Mercer Super has become the first Australian company to be sued over alleged greenwashing, as corporate watchdog ASIC makes good on its crackdown on the Australian business community regarding bogus green marketing claims.
Greenwashing is an emerging term for the practice of representing that a financial product, investment strategy or business’s operations are environmentally friendly, sustainable or ethical when in actuality such implications are a distortion to influence investment or consumer decisions.
The Australian Securities & Investments Commission (ASIC) confirmed it had launched court action against Mercer over alleged “misleading statements about the sustainable nature and characteristics of some of its superannuation investment options”.
“This is the first time ASIC has taken an Australian entity to court regarding alleged greenwashing conduct, and it reflects our continuing efforts to ensure sustainability-related claims made by financial institutions are accurate,” ASIC deputy chair Sarah Court said.
The alleged greenwashing in question
The case relates to seven “Sustainable Plus” investment options offered by the Mercer Super Trust (MST), of which Mercer is the trustee, where Sustainable Plus options were marketed to members who were “deeply committed to sustainability”.
The products were suitable for that cohort, Mercer’s website copy read, because they intentionally excluded investments in fossil fuel companies including thermal coal (as well as alcohol and gambling companies).
But ASIC alleges the products actually invested in no fewer than 15 companies involved in the extraction or sale of carbon-heavy fossil fuels including AGL Energy, BHP Group, Glencore and Whitehaven Coal.
The regulator said there were also investments in 15 booze companies, including Budweiser Brewing Company, Carlsberg, Heineken, and Treasury Wine Estates, and 19 gambling companies, including Aristocrat Leisure, Caesar’s Entertainment, Crown Resorts, and Tabcorp.
In a statement to SmartCompany, a Mercer spokesperson acknowledged the civil penalty proceeding and that it related to “certain statements on the MST website concerning the extent of investment exclusions applied in the MST’s Sustainable Plus investment options”.
“Mercer has cooperated with ASIC throughout its investigation, and will continue to carefully consider ASIC’s concerns with respect to this matter,” the spokesperson said.
“It would be inappropriate to comment further as the matter is now before the courts.”
A warning to businesses
Court said it was a warning for other companies that ASIC would take action on instances of misleading marketing and greenwashing, citing an “increased demand for sustainability-related financial products”.
“If financial products make sustainable investment claims to investors and potential investors, they need to reflect the true position. If investments in certain industries like fossil fuels are said to be excluded, this promise must be upheld,” Court said.
Since ASIC announced its greenwashing crackdown, some $140,000 in fines have been dished out to Australian companies including Tlou Energy, Vanguard Investments, Diversa Trustees and Black Mountain Energy.

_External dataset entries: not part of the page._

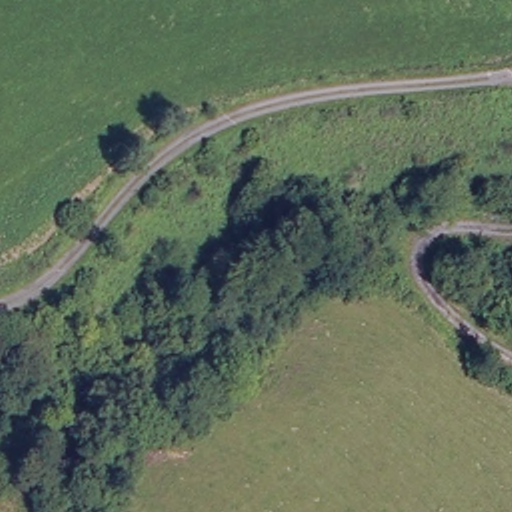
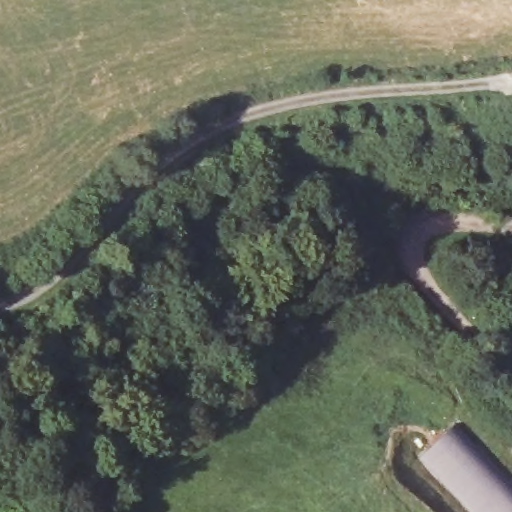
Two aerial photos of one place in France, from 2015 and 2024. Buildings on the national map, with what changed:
new [(453,425),(512,486),(512,512),(468,512),(417,458),(453,425)]

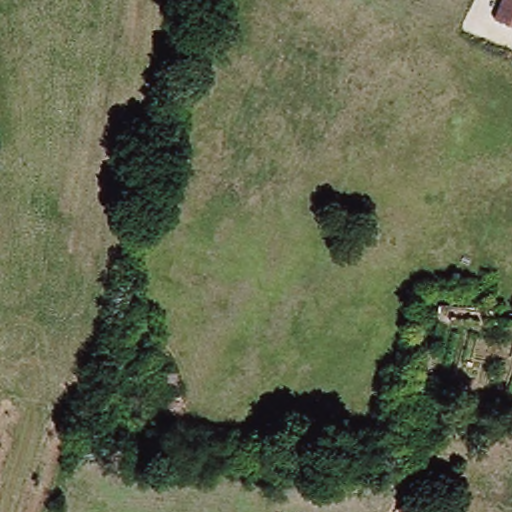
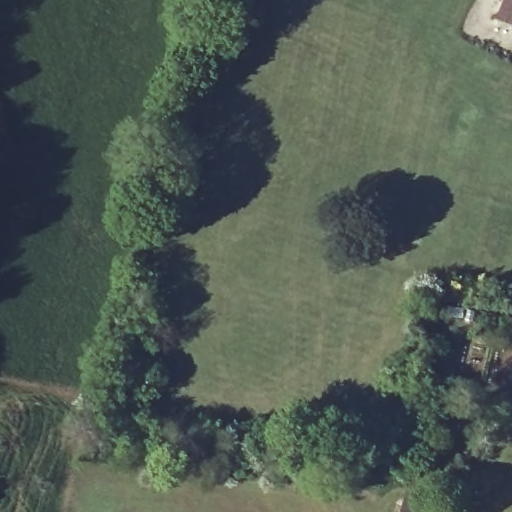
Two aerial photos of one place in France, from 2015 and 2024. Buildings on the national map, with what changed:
unchanged [(497,20),(506,0),(512,0),(512,27),(497,20)]

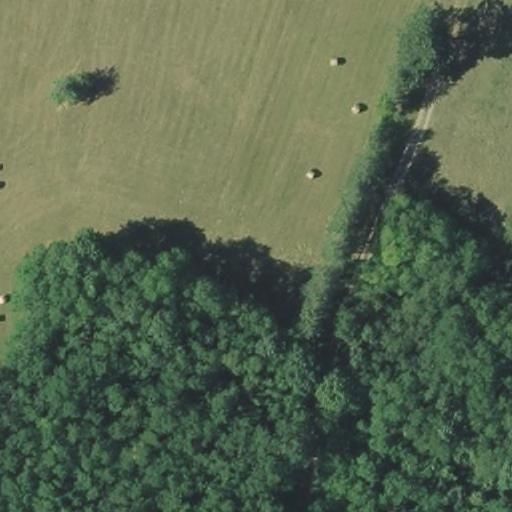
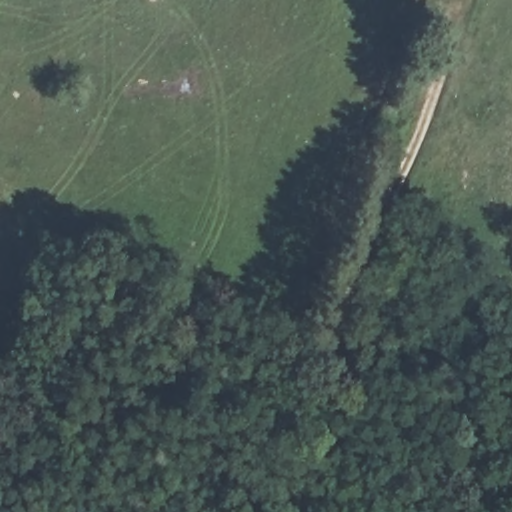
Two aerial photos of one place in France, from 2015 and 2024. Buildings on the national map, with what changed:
[]

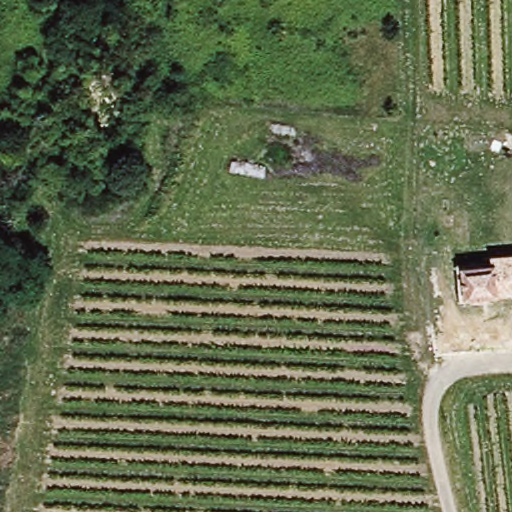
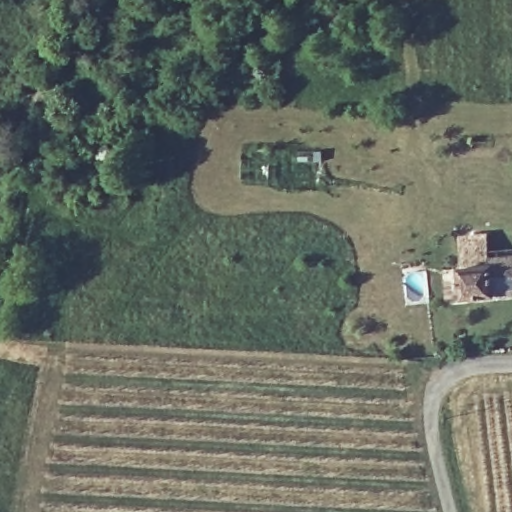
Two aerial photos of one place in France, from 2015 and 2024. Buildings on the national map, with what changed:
unchanged [(140,65),(133,96),(111,90),(100,88),(107,56),(140,65)]
unchanged [(493,256),(512,255),(512,295),(497,296),(493,256)]

Tlou Energy Limited was fined $53,280 last year for “factually incorrect” statements as part of two ASX announcements in 2021, namely that electricity produced by Tlou was carbon neutral and that Tlou had environmental approval and the capability to generate certain quantities of electricity from solar power. Both were false, ASIC said.

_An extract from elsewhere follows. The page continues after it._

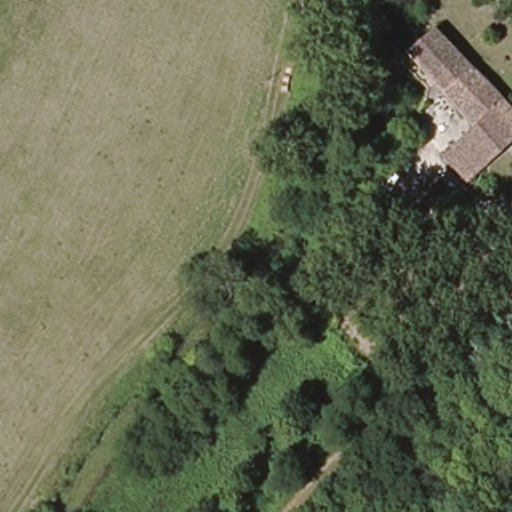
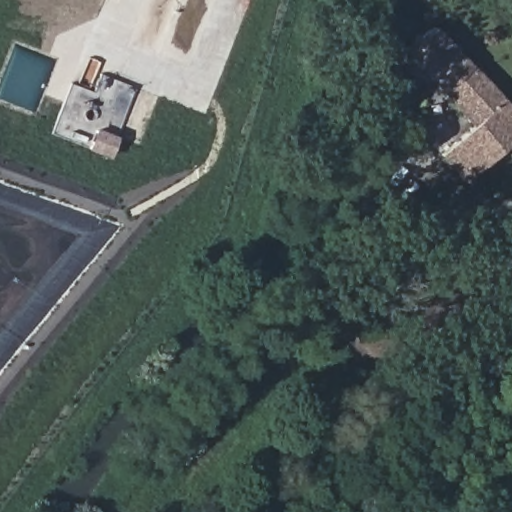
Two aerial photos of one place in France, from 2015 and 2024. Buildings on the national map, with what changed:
unchanged [(512,102),(512,148),(476,180),(450,151),(483,122),(417,50),(445,25),(512,102)]

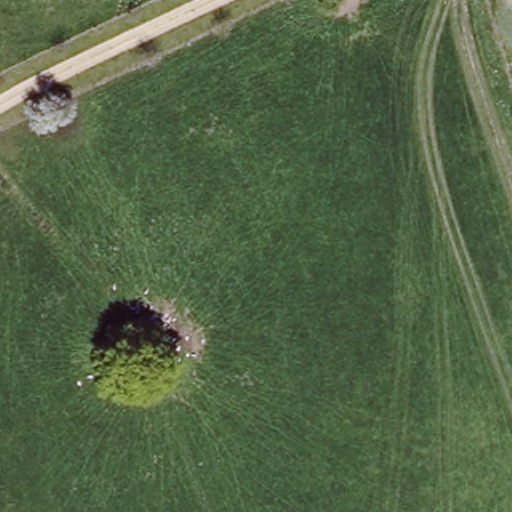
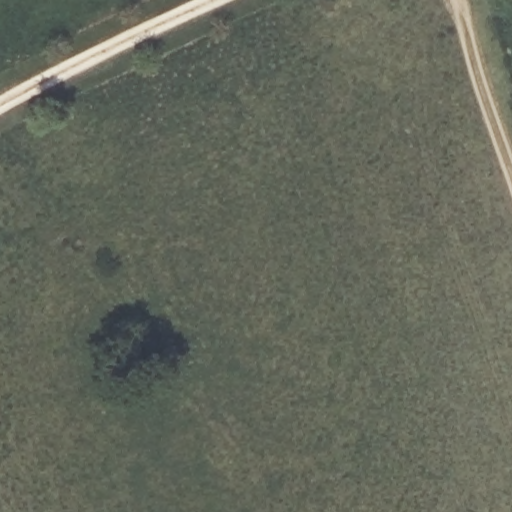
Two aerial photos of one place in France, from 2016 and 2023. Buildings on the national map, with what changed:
[]

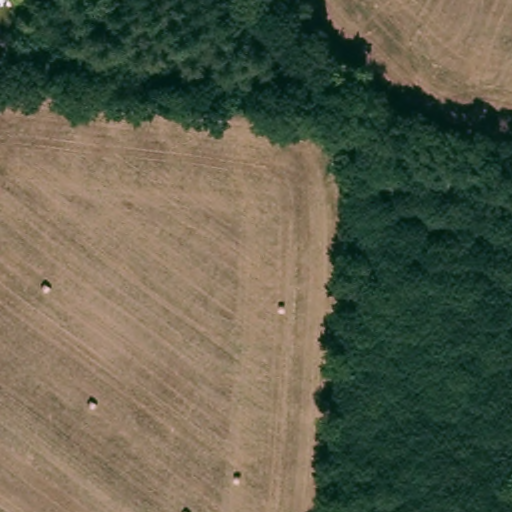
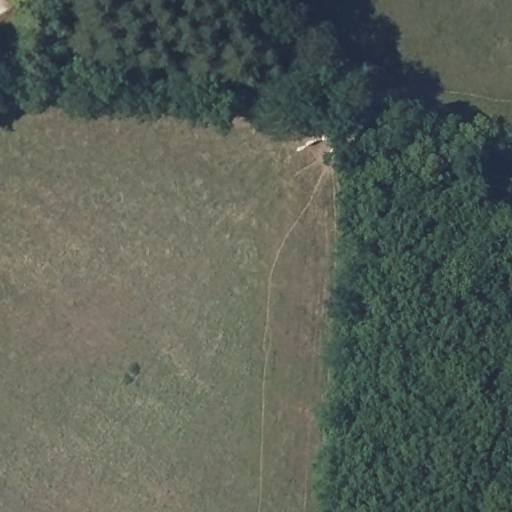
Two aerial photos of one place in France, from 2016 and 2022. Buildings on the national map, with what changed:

At the time, Court said the agency was investigating “a number of” listed entities, super funds and managed funds in relation to their green credentials claims and warned ASIC would “take enforcement action, including court action, for serious breaches”.

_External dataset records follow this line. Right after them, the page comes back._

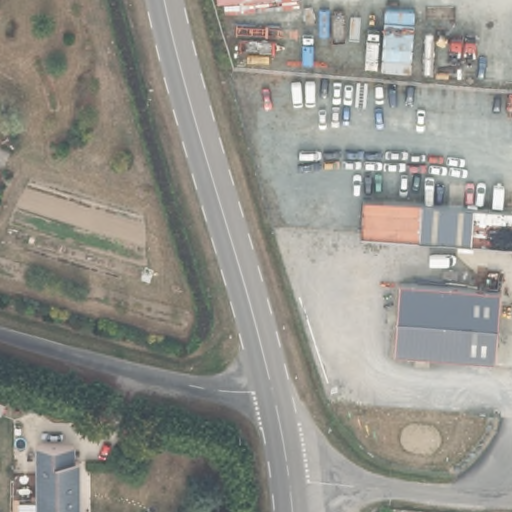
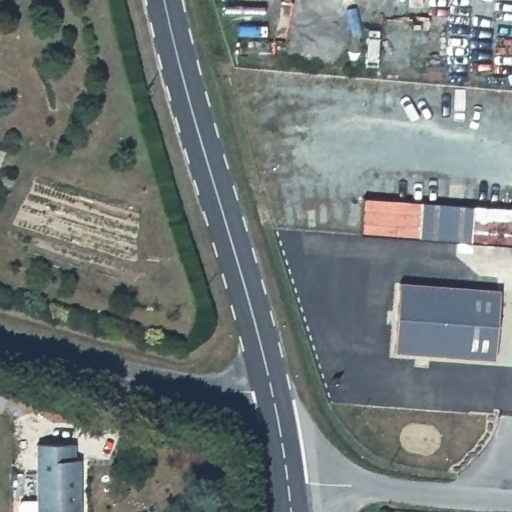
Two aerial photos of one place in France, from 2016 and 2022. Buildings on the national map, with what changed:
unchanged [(512,208),(512,245),(362,234),(364,197),(512,208)]
unchanged [(502,288),(496,358),(399,351),(405,281),(502,288)]
unchanged [(2,410),(0,409),(0,377),(11,381),(2,410)]
unchanged [(20,500),(35,501),(37,442),(76,443),(76,461),(83,461),(81,512),(19,512),(20,500)]

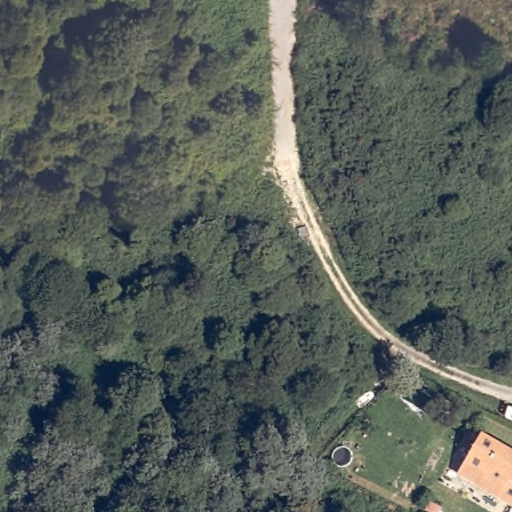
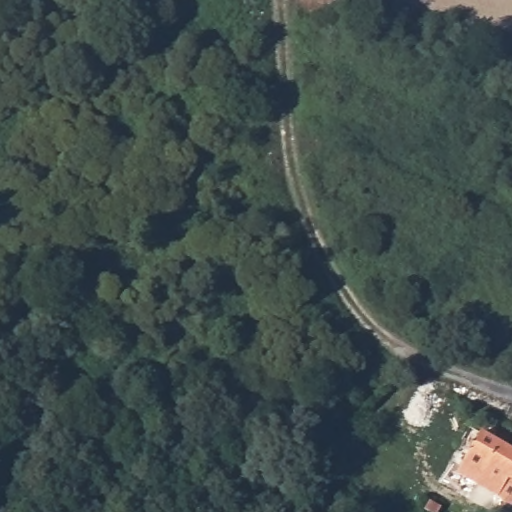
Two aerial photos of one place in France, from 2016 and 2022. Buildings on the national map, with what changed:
unchanged [(492,483),(475,473),(494,437),(512,447),(512,494),(492,483)]

Mercer Super marks this as the first time the commission has done so, following legislative amendments from the financial services royal commission that emboldened ASIC’s regulatory powers in superannuation.
ASIC is seeking not only declarations and pecuniary penalties but an injunction to stop Mercer from spruiking the alleged claims, and to force Mercer to go public about any contraventions found by the court.
This article first appeared in Smart Company.
$140K in fines?! – the occasional thrashing with a limp lettuce isn’t going to stop them – chuck a few more zeros on the end of the 140,000 and show the grifters you mean business!
$140K would scarcely cover the annual cost of catering for a single corporation’s Board Room. The penalties are risible.
Australian company? Try a subsidiary of Mercer in the US. American culture not Australian.
This misleading behaviour does not happen in a vacuum. Real people hiding behind corporate anonymity make these decisions. Isn’t it time for real people to serve jail time?? Just saying what seems a no brainer to me. The Govt in Iceland jailed the bankers responsible for the GFC. Our present Labor Govt are too enthralled by the multinationals and financial industry to show any real courage. Shame, Albanese, Shame.